**Prompt**. Go through the listing that follows and report the number of lines with the string "guide" in them, nothing more.

**Given information**.

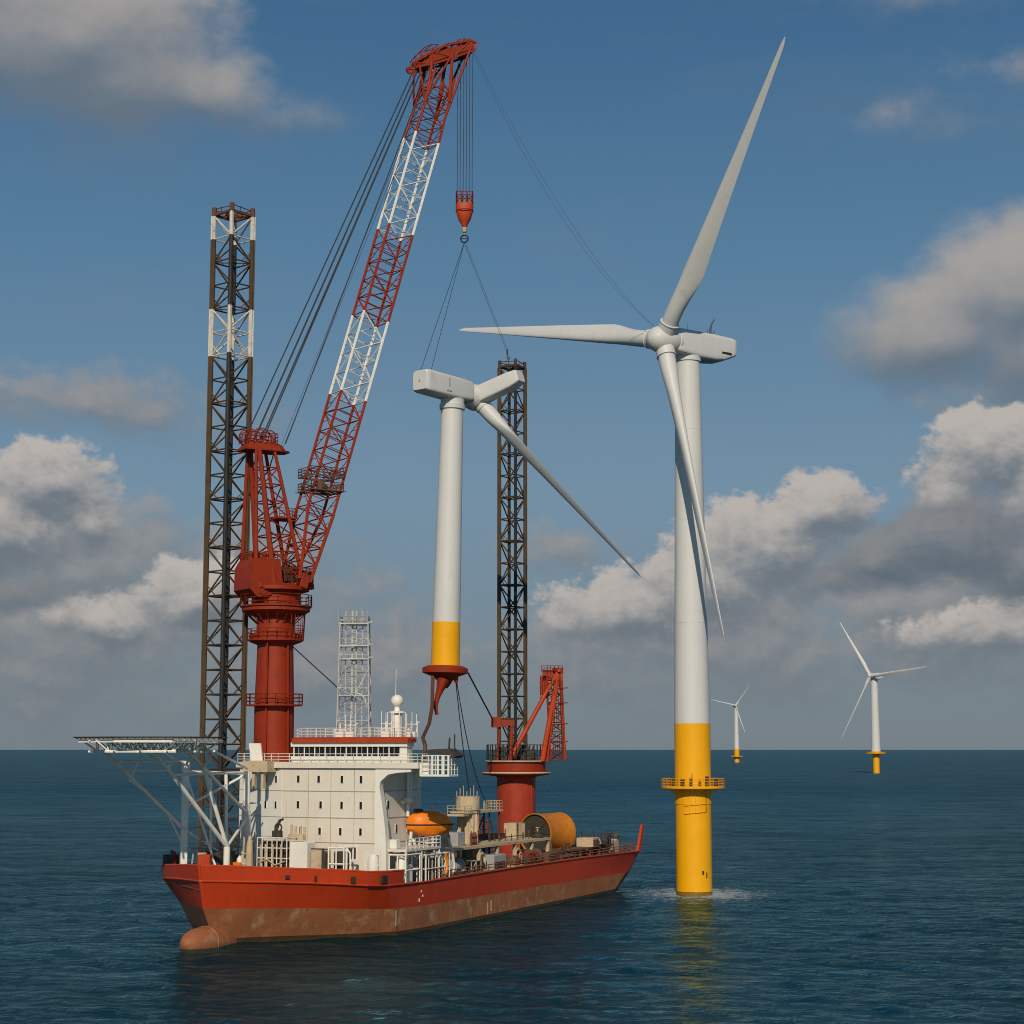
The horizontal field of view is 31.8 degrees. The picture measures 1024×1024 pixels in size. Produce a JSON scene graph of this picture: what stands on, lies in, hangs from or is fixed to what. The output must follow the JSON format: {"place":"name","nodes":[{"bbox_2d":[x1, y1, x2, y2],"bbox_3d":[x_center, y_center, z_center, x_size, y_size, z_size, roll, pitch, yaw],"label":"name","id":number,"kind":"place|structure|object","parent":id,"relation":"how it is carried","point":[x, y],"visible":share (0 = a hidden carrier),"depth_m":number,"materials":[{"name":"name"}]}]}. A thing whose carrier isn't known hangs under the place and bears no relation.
{"place":"outdoors","nodes":[
{"label":"outdoors","id":0,"kind":"place"},
{"bbox_2d":[230,855,246,865],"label":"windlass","id":1,"kind":"object","parent":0,"point":[239,861],"visible":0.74,"depth_m":225.20,"materials":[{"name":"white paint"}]},
{"bbox_2d":[0,750,1023,1023],"bbox_3d":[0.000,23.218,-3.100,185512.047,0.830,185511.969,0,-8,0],"label":"sea","id":2,"kind":"structure","parent":0,"point":[848,886],"depth_m":251.49,"materials":[{"name":"liquid"}]},
{"bbox_2d":[197,202,255,863],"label":"lattice tower","id":3,"kind":"structure","parent":2,"relation":"in","point":[233,217],"depth_m":260.07,"materials":[{"name":"grey metal"}]},
{"bbox_2d":[73,727,643,948],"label":"jack up vessel","id":4,"kind":"object","parent":2,"relation":"on","point":[360,794],"visible":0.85,"depth_m":233.90,"materials":[{"name":"white paint"}]},
{"bbox_2d":[162,850,179,876],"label":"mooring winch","id":5,"kind":"object","parent":4,"relation":"on","point":[173,857],"visible":0.5,"depth_m":232.60,"materials":[{"name":"metal"}]},
{"bbox_2d":[190,802,256,864],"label":"leg guide","id":6,"kind":"object","parent":4,"relation":"on","point":[218,856],"visible":0.48,"depth_m":231.99,"materials":[{"name":"grey paint"}]},
{"bbox_2d":[236,831,252,865],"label":"vent pipes","id":7,"kind":"object","parent":4,"relation":"on","point":[248,859],"visible":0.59,"depth_m":230.78,"materials":[{"name":"beige metal"}]},
{"bbox_2d":[256,836,297,866],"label":"pump cage","id":8,"kind":"object","parent":4,"relation":"on","point":[274,853],"visible":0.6,"depth_m":231.38,"materials":[{"name":"beige paint"}]},
{"bbox_2d":[272,818,283,836],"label":"monitor","id":9,"kind":"object","parent":8,"relation":"on","point":[276,832],"visible":1,"depth_m":234.20,"materials":[{"name":"grey metal"}]},
{"bbox_2d":[288,825,305,840],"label":"deck vent","id":10,"kind":"object","parent":8,"relation":"on","point":[300,836],"visible":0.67,"depth_m":233.01,"materials":[{"name":"beige metal"}]},
{"bbox_2d":[289,840,314,867],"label":"deck locker","id":11,"kind":"object","parent":4,"relation":"on","point":[300,854],"visible":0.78,"depth_m":229.93,"materials":[{"name":"white metal"}]},
{"bbox_2d":[311,848,330,868],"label":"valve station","id":12,"kind":"object","parent":4,"relation":"on","point":[319,857],"visible":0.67,"depth_m":229.34,"materials":[{"name":"beige metal"}]},
{"bbox_2d":[328,846,353,869],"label":"hatch frame","id":13,"kind":"object","parent":4,"relation":"on","point":[342,859],"visible":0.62,"depth_m":228.15,"materials":[{"name":"white paint"}]},
{"bbox_2d":[335,723,347,736],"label":"roof aerial","id":14,"kind":"object","parent":4,"relation":"on","point":[340,729],"visible":0.52,"depth_m":242.35,"materials":[{"name":"white paint"}]},
{"bbox_2d":[345,714,357,736],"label":"roof aerial","id":15,"kind":"object","parent":4,"relation":"on","point":[350,732],"visible":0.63,"depth_m":240.95,"materials":[{"name":"white paint"}]},
{"bbox_2d":[336,605,373,736],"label":"lattice mast","id":16,"kind":"object","parent":4,"relation":"on","point":[356,645],"visible":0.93,"depth_m":245.55,"materials":[{"name":"white metal"}]},
{"bbox_2d":[292,646,336,687],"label":"stay wire","id":17,"kind":"object","parent":16,"relation":"attached to","point":[314,666],"visible":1,"depth_m":247.53,"materials":[{"name":"metal"}]},
{"bbox_2d":[234,38,476,761],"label":"pedestal crane","id":18,"kind":"object","parent":4,"relation":"on","point":[272,587],"visible":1,"depth_m":253.75,"materials":[{"name":"red metal"}]},
{"bbox_2d":[456,53,473,242],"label":"hook block","id":19,"kind":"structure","parent":18,"relation":"hanging from","point":[464,211],"depth_m":276.86,"materials":[{"name":"red metal"}]},
{"bbox_2d":[421,244,463,369],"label":"lifting sling","id":20,"kind":"object","parent":19,"relation":"hanging from","point":[442,306],"visible":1,"depth_m":270.67,"materials":[{"name":"metal"}]},
{"bbox_2d":[413,369,640,714],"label":"wind turbine","id":21,"kind":"object","parent":20,"relation":"hanging from","point":[456,396],"visible":1,"depth_m":267.03,"materials":[{"name":"grey paint"}]},
{"bbox_2d":[421,674,434,761],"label":"hose","id":22,"kind":"object","parent":21,"relation":"hanging from","point":[430,714],"visible":0.93,"depth_m":256.57,"materials":[{"name":"red rubber"}]},
{"bbox_2d":[456,684,469,793],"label":"tag line","id":23,"kind":"object","parent":21,"relation":"hanging from","point":[462,738],"visible":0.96,"depth_m":265.23,"materials":[{"name":"fabric"}]},
{"bbox_2d":[456,683,490,807],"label":"tag line","id":24,"kind":"object","parent":21,"relation":"hanging from","point":[468,744],"visible":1,"depth_m":266.73,"materials":[{"name":"fabric"}]},
{"bbox_2d":[464,243,510,370],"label":"lifting sling","id":25,"kind":"object","parent":19,"relation":"hanging from","point":[492,315],"visible":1,"depth_m":273.19,"materials":[{"name":"metal"}]},
{"bbox_2d":[473,54,654,326],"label":"guide rope","id":26,"kind":"object","parent":18,"relation":"hanging from","point":[558,203],"visible":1,"depth_m":288.88,"materials":[{"name":"fabric"}]},
{"bbox_2d":[364,850,380,870],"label":"deck tank","id":27,"kind":"object","parent":4,"relation":"on","point":[373,861],"visible":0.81,"depth_m":226.93,"materials":[{"name":"white metal"}]},
{"bbox_2d":[380,721,393,736],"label":"roof aerial","id":28,"kind":"object","parent":4,"relation":"on","point":[385,733],"visible":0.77,"depth_m":238.47,"materials":[{"name":"white paint"}]},
{"bbox_2d":[381,711,393,731],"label":"roof aerial","id":29,"kind":"object","parent":4,"relation":"on","point":[386,721],"visible":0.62,"depth_m":241.36,"materials":[{"name":"white paint"}]},
{"bbox_2d":[387,692,405,736],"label":"radome","id":30,"kind":"object","parent":4,"relation":"on","point":[396,701],"visible":0.94,"depth_m":245.06,"materials":[{"name":"white paint"}]},
{"bbox_2d":[388,852,420,882],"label":"deck stair","id":31,"kind":"object","parent":4,"relation":"on","point":[401,862],"visible":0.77,"depth_m":232.25,"materials":[{"name":"white metal"}]},
{"bbox_2d":[406,714,419,737],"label":"roof aerial","id":32,"kind":"object","parent":4,"relation":"on","point":[414,734],"visible":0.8,"depth_m":238.16,"materials":[{"name":"white paint"}]},
{"bbox_2d":[388,835,440,882],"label":"side platform","id":33,"kind":"structure","parent":4,"relation":"on","point":[394,845],"depth_m":235.18,"materials":[{"name":"beige paint"}]},
{"bbox_2d":[412,852,449,881],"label":"gangway frame","id":34,"kind":"object","parent":4,"relation":"on","point":[430,866],"visible":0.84,"depth_m":238.52,"materials":[{"name":"beige paint"}]},
{"bbox_2d":[407,807,455,876],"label":"lifeboat davit","id":35,"kind":"object","parent":4,"relation":"on","point":[442,848],"visible":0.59,"depth_m":245.26,"materials":[{"name":"beige paint"}]},
{"bbox_2d":[405,809,453,836],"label":"lifeboat","id":36,"kind":"object","parent":35,"relation":"hanging from","point":[420,822],"visible":0.99,"depth_m":240.34,"materials":[{"name":"orange plastic"}]},
{"bbox_2d":[447,858,465,875],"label":"deck winch","id":37,"kind":"object","parent":4,"relation":"on","point":[460,862],"visible":0.59,"depth_m":248.88,"materials":[{"name":"grey paint"}]},
{"bbox_2d":[465,859,480,872],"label":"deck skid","id":38,"kind":"object","parent":4,"relation":"on","point":[471,864],"visible":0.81,"depth_m":251.17,"materials":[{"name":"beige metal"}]},
{"bbox_2d":[447,786,502,864],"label":"ventilation column","id":39,"kind":"structure","parent":4,"relation":"on","point":[467,808],"depth_m":264.98,"materials":[{"name":"beige metal"}]},
{"bbox_2d":[470,852,487,871],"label":"pump","id":40,"kind":"object","parent":4,"relation":"on","point":[484,859],"visible":0.54,"depth_m":256.13,"materials":[{"name":"beige metal"}]},
{"bbox_2d":[422,837,550,859],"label":"deck walkway","id":41,"kind":"structure","parent":4,"relation":"on","point":[482,843],"depth_m":267.86,"materials":[{"name":"beige metal"}]},
{"bbox_2d":[443,832,464,846],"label":"deck machine","id":42,"kind":"object","parent":41,"relation":"on","point":[457,839],"visible":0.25,"depth_m":257.02,"materials":[{"name":"grey paint"}]},
{"bbox_2d":[470,831,477,845],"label":"gas rack","id":43,"kind":"object","parent":41,"relation":"on","point":[473,838],"visible":1,"depth_m":259.85,"materials":[{"name":"metal"}]},
{"bbox_2d":[478,830,529,841],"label":"pipe rack","id":44,"kind":"object","parent":41,"relation":"on","point":[501,835],"visible":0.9,"depth_m":277.07,"materials":[{"name":"brown metal"}]},
{"bbox_2d":[478,813,487,832],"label":"standpipes","id":45,"kind":"object","parent":44,"relation":"on","point":[486,822],"visible":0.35,"depth_m":281.81,"materials":[{"name":"red metal"}]},
{"bbox_2d":[504,822,525,837],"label":"deck container","id":46,"kind":"object","parent":41,"relation":"on","point":[512,828],"visible":0.87,"depth_m":281.24,"materials":[{"name":"beige metal"}]},
{"bbox_2d":[532,827,542,837],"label":"capstan","id":47,"kind":"object","parent":41,"relation":"on","point":[537,834],"visible":1,"depth_m":281.22,"materials":[{"name":"beige metal"}]},
{"bbox_2d":[486,849,505,869],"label":"equipment box","id":48,"kind":"object","parent":4,"relation":"on","point":[496,857],"visible":0.74,"depth_m":259.65,"materials":[{"name":"grey paint"}]},
{"bbox_2d":[497,358,527,756],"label":"lattice tower","id":49,"kind":"structure","parent":4,"relation":"on","point":[509,541],"depth_m":314.22,"materials":[{"name":"black metal"}]},
{"bbox_2d":[506,847,523,867],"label":"pump","id":50,"kind":"object","parent":4,"relation":"on","point":[514,857],"visible":0.77,"depth_m":266.02,"materials":[{"name":"beige metal"}]},
{"bbox_2d":[482,665,567,855],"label":"deck crane","id":51,"kind":"object","parent":4,"relation":"on","point":[517,772],"visible":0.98,"depth_m":300.73,"materials":[{"name":"red metal"}]},
{"bbox_2d":[468,672,493,719],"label":"tie rod","id":52,"kind":"object","parent":51,"relation":"attached to","point":[480,696],"visible":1,"depth_m":281.51,"materials":[{"name":"black metal"}]},
{"bbox_2d":[520,852,537,864],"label":"deck skid","id":53,"kind":"object","parent":4,"relation":"on","point":[529,857],"visible":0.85,"depth_m":269.32,"materials":[{"name":"red metal"}]},
{"bbox_2d":[522,848,543,863],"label":"deck winch","id":54,"kind":"object","parent":4,"relation":"on","point":[539,851],"visible":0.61,"depth_m":274.26,"materials":[{"name":"metal"}]},
{"bbox_2d":[521,812,575,854],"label":"cable drum","id":55,"kind":"object","parent":4,"relation":"on","point":[559,828],"visible":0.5,"depth_m":293.95,"materials":[{"name":"orange metal"}]},
{"bbox_2d":[543,843,558,861],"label":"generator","id":56,"kind":"object","parent":4,"relation":"on","point":[549,853],"visible":0.65,"depth_m":278.25,"materials":[{"name":"brown metal"}]},
{"bbox_2d":[517,844,607,856],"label":"stern platform","id":57,"kind":"structure","parent":4,"relation":"on","point":[574,848],"depth_m":293.19,"materials":[{"name":"brown metal"}]},
{"bbox_2d":[556,843,570,850],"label":"chain pile","id":58,"kind":"object","parent":57,"relation":"on","point":[564,848],"visible":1,"depth_m":287.22,"materials":[{"name":"metal"}]},
{"bbox_2d":[576,837,598,846],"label":"deck box","id":59,"kind":"object","parent":57,"relation":"on","point":[587,841],"visible":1,"depth_m":297.25,"materials":[{"name":"beige metal"}]},
{"bbox_2d":[593,839,598,845],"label":"door","id":60,"kind":"structure","parent":59,"relation":"in","point":[595,842],"depth_m":297.82,"materials":[{"name":"beige metal"}]},
{"bbox_2d":[575,831,599,845],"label":"mooring winch","id":61,"kind":"object","parent":57,"relation":"on","point":[581,835],"visible":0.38,"depth_m":301.62,"materials":[{"name":"beige metal"}]},
{"bbox_2d":[598,833,613,845],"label":"deck skid","id":62,"kind":"object","parent":57,"relation":"on","point":[606,840],"visible":1,"depth_m":300.79,"materials":[{"name":"grey metal"}]},
{"bbox_2d":[559,851,579,859],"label":"pipe bundle","id":63,"kind":"object","parent":4,"relation":"on","point":[574,854],"visible":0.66,"depth_m":283.29,"materials":[{"name":"brown metal"}]},
{"bbox_2d":[607,831,619,842],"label":"capstan","id":64,"kind":"object","parent":4,"relation":"on","point":[614,836],"visible":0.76,"depth_m":307.91,"materials":[{"name":"metal"}]},
{"bbox_2d":[460,37,784,896],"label":"wind turbine","id":65,"kind":"object","parent":2,"relation":"in","point":[682,355],"visible":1,"depth_m":295.84,"materials":[{"name":"white metal"}]},
{"bbox_2d":[714,685,749,761],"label":"wind turbine","id":66,"kind":"object","parent":2,"relation":"in","point":[736,756],"visible":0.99,"depth_m":3232.79,"materials":[{"name":"white metal"}]},
{"bbox_2d":[840,623,926,772],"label":"wind turbine","id":67,"kind":"object","parent":2,"relation":"in","point":[875,752],"visible":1,"depth_m":1774.52,"materials":[{"name":"white metal"}]},
{"bbox_2d":[0,0,1023,749],"label":"sky","id":68,"kind":"structure","parent":0,"point":[863,432],"materials":[{"name":"blue"}]},
{"bbox_2d":[591,839,618,853],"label":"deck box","id":69,"kind":"object","parent":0,"point":[616,842],"visible":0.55,"depth_m":304.56,"materials":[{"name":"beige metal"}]}
]}

**Written answer**. 2